GlobeSt.com: What impact do you think FASB’s decision will have on the valuation of assets, especially in the Public Private Investment Partnership scheme?

Prindle: Given that FASB has stated that they will be a lot more lenient on valuation of these assets due to fact there is not an active principal market, I think that will lead folks to go back to the way they were marking financial assets before, in a mark-to-model type of approach.

GlobeSt.com: Do you think that will lead to a situation, that some critics say will happen, of assets being valued unrealistically or inappropriately?

Prindle: No, I believe there will still be scrutiny on the market to model to make sure assets are being valued at reasonable levels.

GlobeSt.com: What about real estate backed paper? How big of an impact will this new approach have?

Prindle: I don’t think it will have as big an impact as it will on other assets. For commercial real estate you have to be able to mark your paper looking at the collateral behind it. That requires gathering data to support valuations. So while in theory there is a change and companies will get more leniency there will still be diligence needed and hard data on the collateral that is backing the loan.

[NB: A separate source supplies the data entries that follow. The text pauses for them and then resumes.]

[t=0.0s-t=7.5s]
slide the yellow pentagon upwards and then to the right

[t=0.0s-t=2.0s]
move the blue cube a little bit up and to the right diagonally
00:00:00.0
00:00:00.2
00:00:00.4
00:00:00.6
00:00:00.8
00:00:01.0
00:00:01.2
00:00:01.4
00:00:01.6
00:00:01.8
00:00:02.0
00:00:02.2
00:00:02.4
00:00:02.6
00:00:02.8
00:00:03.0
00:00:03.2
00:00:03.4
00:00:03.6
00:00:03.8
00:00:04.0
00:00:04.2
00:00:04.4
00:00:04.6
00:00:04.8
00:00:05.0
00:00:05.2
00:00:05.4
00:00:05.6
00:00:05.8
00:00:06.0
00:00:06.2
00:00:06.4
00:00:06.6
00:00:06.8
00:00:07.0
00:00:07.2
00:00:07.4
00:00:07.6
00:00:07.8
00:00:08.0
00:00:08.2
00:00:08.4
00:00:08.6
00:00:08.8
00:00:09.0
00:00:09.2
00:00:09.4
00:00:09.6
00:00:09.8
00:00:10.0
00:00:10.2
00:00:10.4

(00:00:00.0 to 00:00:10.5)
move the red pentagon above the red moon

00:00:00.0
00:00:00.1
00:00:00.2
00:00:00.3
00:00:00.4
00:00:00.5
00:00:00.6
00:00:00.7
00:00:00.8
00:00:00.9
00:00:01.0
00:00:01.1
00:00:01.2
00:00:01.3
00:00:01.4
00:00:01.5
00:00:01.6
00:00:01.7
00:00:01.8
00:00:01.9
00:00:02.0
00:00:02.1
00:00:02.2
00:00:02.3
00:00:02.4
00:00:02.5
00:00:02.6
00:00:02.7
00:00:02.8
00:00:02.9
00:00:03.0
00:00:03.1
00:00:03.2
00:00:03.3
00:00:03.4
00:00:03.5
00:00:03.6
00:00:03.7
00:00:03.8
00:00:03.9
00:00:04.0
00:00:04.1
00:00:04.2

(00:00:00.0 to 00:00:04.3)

GlobeSt.com: One problem in recent months has been that the bid/ask price spread in most assets, including paper, has been too wide for any transactions to take place. Do you think relaxing the mark to market rule will change that dynamic?

Prindle: It’s possible. But the problem has also been a lack of credit and debt to purchase anything. Secondarily it is a factor of the bid/ask spread being so wide. But that is an interesting question. What I think is that the mark to model valuation might already be baked into the ask price. This recent change by FASB gives credence to the reasons why there is no active market and that pricing should be reflective of fair value and not market transactions.

GlobeSt.com: So if that assumption has been baked into sellers’ psyche then we won’t see much of a change?

Prindle: Yes, my short answer is we will still have the bid/ask spread. But the biggest issue is liquidity. When buyers can get credit we will see more transactions take place and then the market can develop comps. That is when the FASB change will help – lenders will have more flexibility in determining what is fair value for them.